# Carrier Furnace Error Code 33



## yuri (Nov 29, 2008)

Lack of air flow causing the limit switch to trip. That is a reverse flow furnace I believe. If it is sitting on top of a A/C coil then that coil may be dirty and slowing down the airflow. Make sure you do not use one of those very tight 3M filters as they slow down the air too much. Make sure ALL your vents are open and clean. A MERV 7 or 8 filter from HDepot is good enough and change it MONTHLY or pay more for gas/stress the furnace.


----------



## s6skuzy01 (Oct 12, 2008)

Thanks, we went to the cheaper filters after the first call out to the HVAC mechanic. We're gonna him him another call tomorrow and see, but it seems like once the filter is changed the problem goes away till the next time it gets dirty. Seems the filter fixes the issue but not for long. Could the ac coil still cause that?

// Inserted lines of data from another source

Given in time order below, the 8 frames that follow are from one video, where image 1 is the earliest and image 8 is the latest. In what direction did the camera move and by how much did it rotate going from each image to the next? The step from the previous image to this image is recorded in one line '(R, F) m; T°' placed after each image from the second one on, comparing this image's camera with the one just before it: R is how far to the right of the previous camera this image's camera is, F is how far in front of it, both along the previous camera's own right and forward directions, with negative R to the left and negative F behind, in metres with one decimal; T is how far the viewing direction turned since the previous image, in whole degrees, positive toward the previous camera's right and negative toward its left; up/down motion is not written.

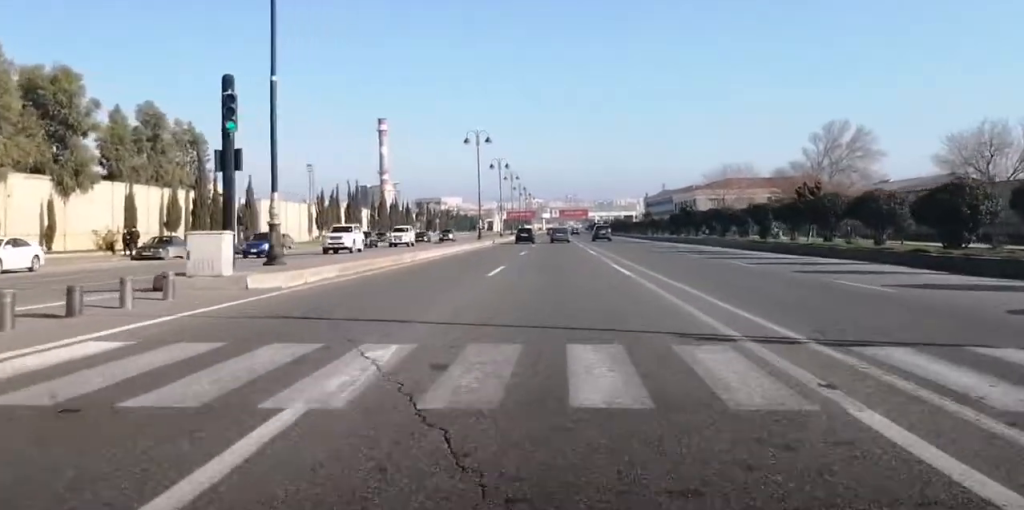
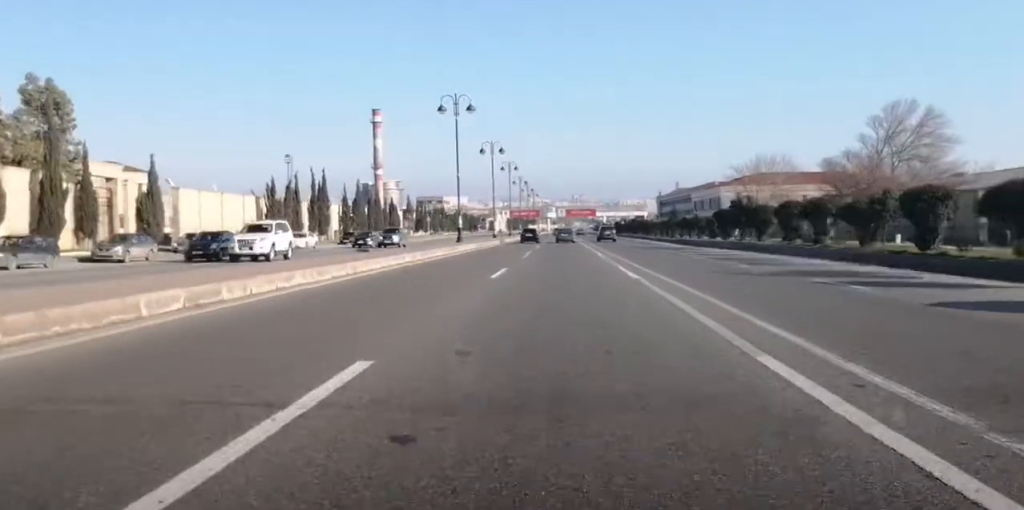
(+0.3, +22.0) m; +1°
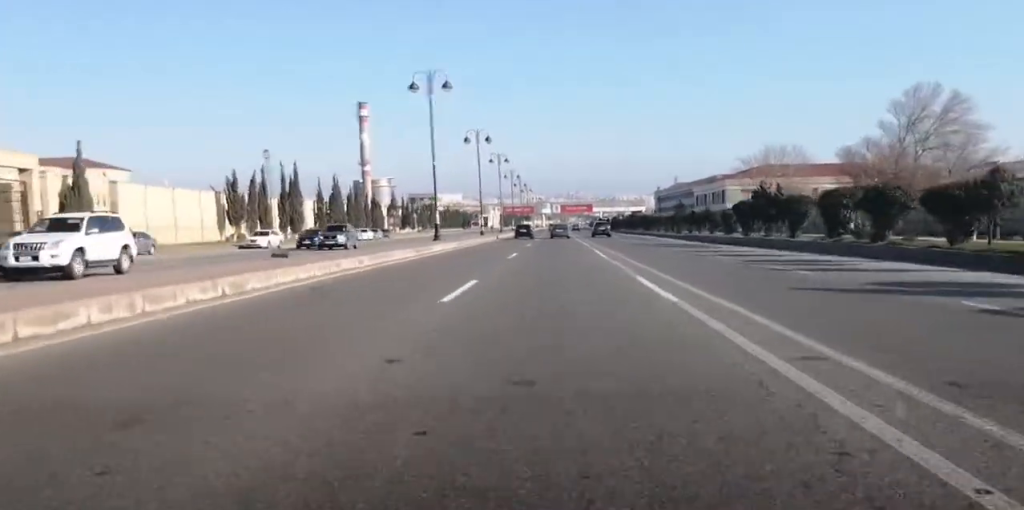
(+0.2, +8.6) m; 0°
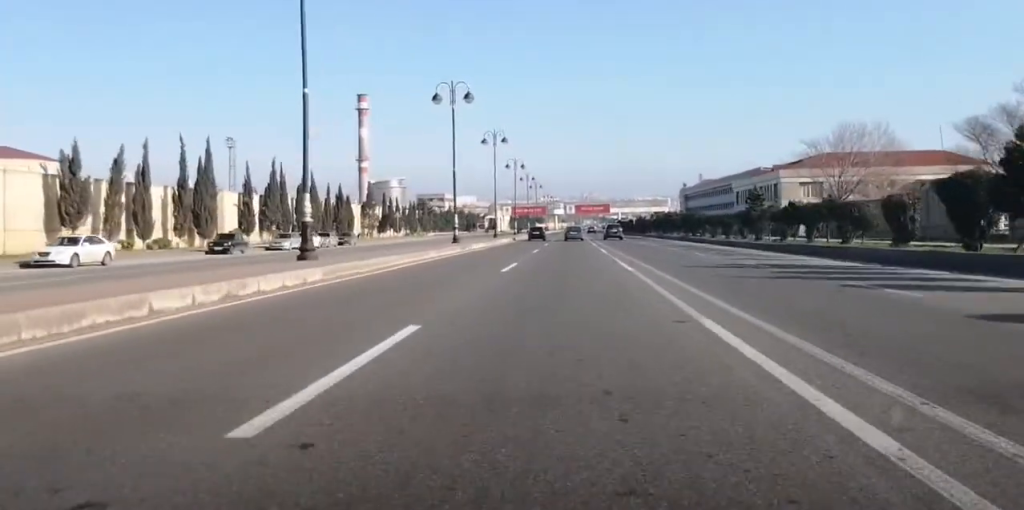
(-0.3, +29.9) m; 0°
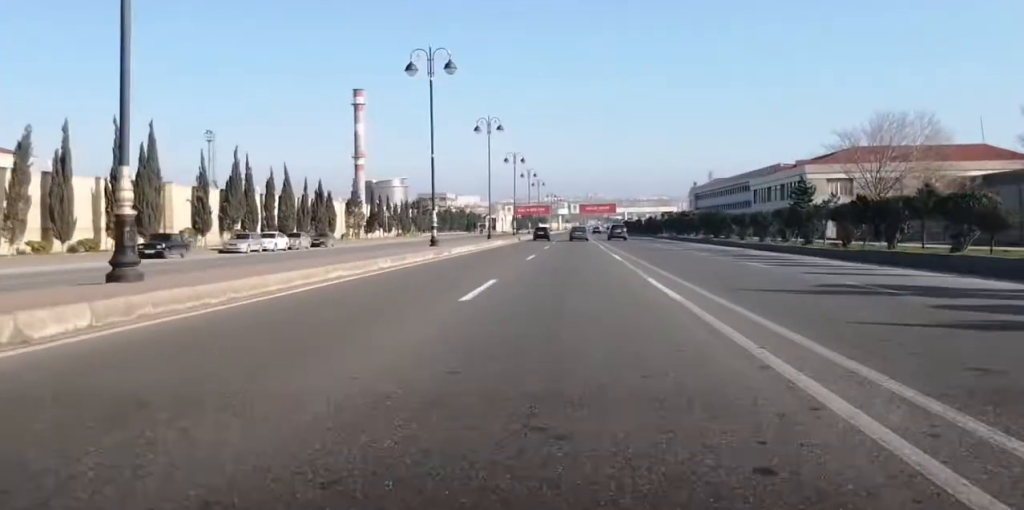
(+0.2, +10.6) m; 0°
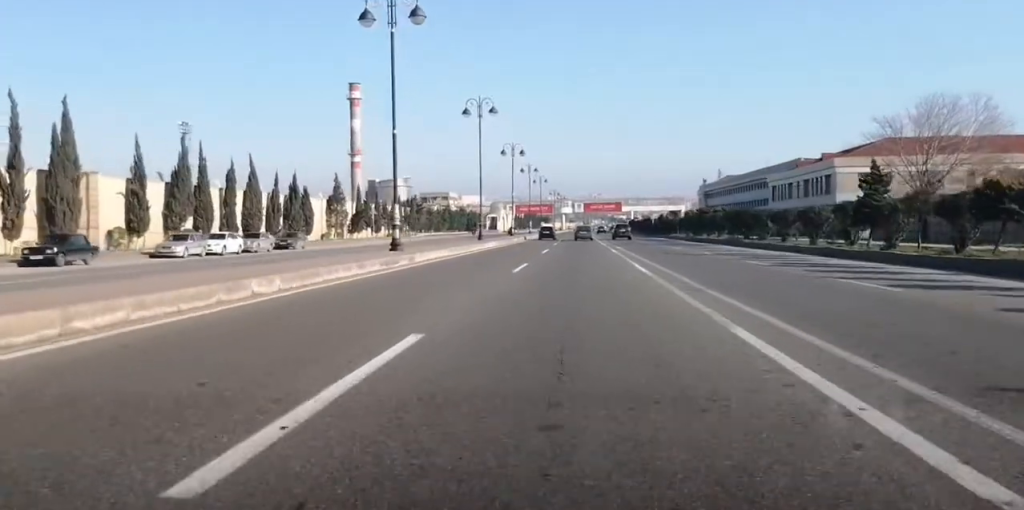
(-0.3, +11.4) m; -1°
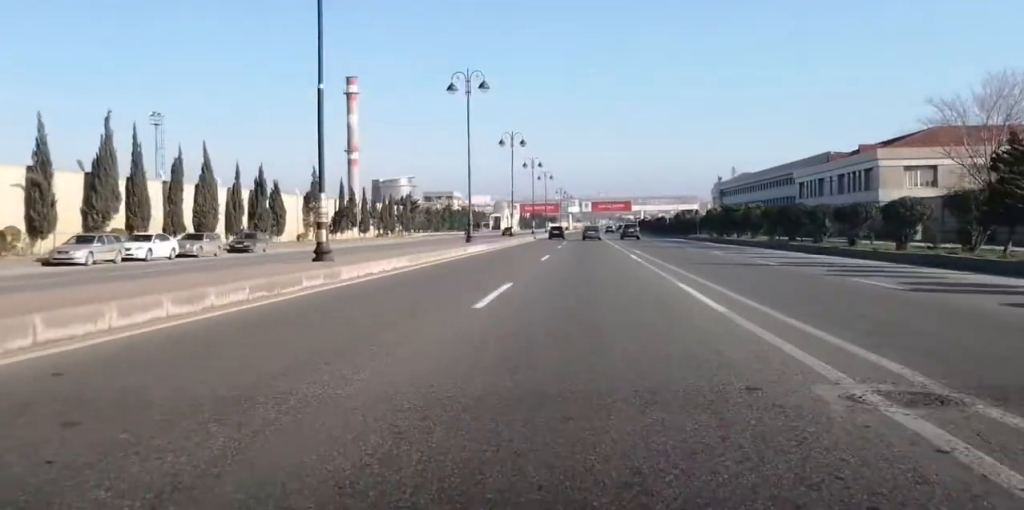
(-0.1, +11.4) m; -1°
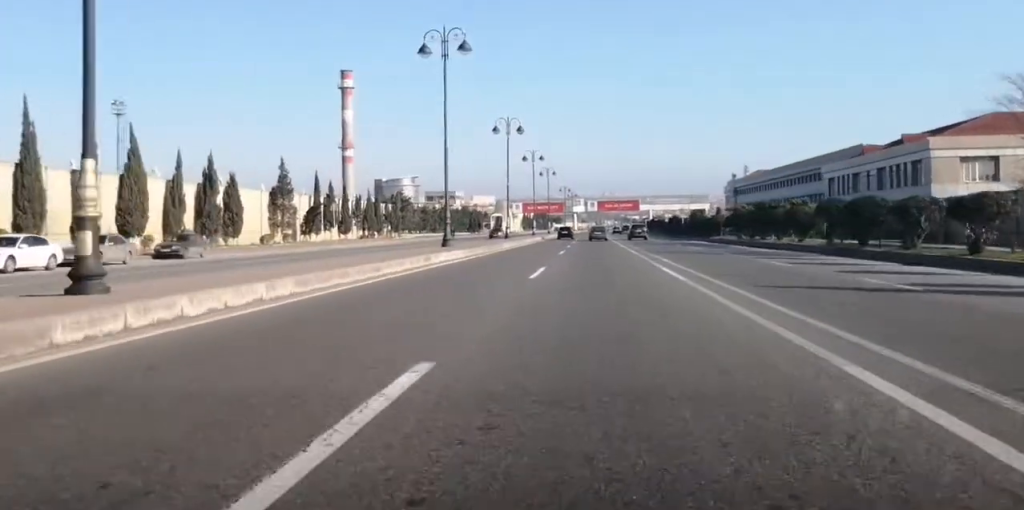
(0.0, +12.1) m; 0°

All vents are open and unblocked also...


----------



## yuri (Nov 29, 2008)

YES. Just like a blocked radiator causes your car to overheat.


----------



## s6skuzy01 (Oct 12, 2008)

Just checked the AC coil and there was very little dust on it...


----------



## yuri (Nov 29, 2008)

Get your tech to check the temp rise thru the unit and see if it is within the specs on the rating plate. He can also do a meter clock test with the gas meter to make sure it is not overfired or check the manifold pressure with a manometer. If this is all foreign to him then you need a more experienced tech.

Good Luck


----------



## s6skuzy01 (Oct 12, 2008)

*Tech is here*

Did a temp rise test and found:

Without filter - 130
With old filter - 155 and temp sensor tripped

He adjusted the gas and the temp range was withing specs. When they replaced the limit switch, they put one in that allowed for a larger temp range, so they didnt think that was the issue. Also said to use a different filter. Our current filter is a MERV 6.

We'll see if this fixes it...


----------



## beenthere (Oct 11, 2008)

The temp rise is 155°, or the discharge air temp is 155°.

If the rise(difference between return air temp, and discharge air temp) is 130 or 155, something is still majorly wrong.

You want the proper rated limit switch.
And teh problem corrected, not covered up with an unsafe band aid.


----------



## s6skuzy01 (Oct 12, 2008)

Sorry, the discharge temp was 155...


----------



## beenthere (Oct 11, 2008)

If the return temp was 70, that still gives you an 85° rise.
Too much for many furnaces.
Your furnace will have am allowable temp rise rating inside the burner panel.
Look at it, and see what its limits are.

If 85 is above its limit. Then its not fixed right.
And will have a shortened life span.

PS: An A/C coil can look clean on the surface, but be dirty in between the fins, and restrict air flow.


----------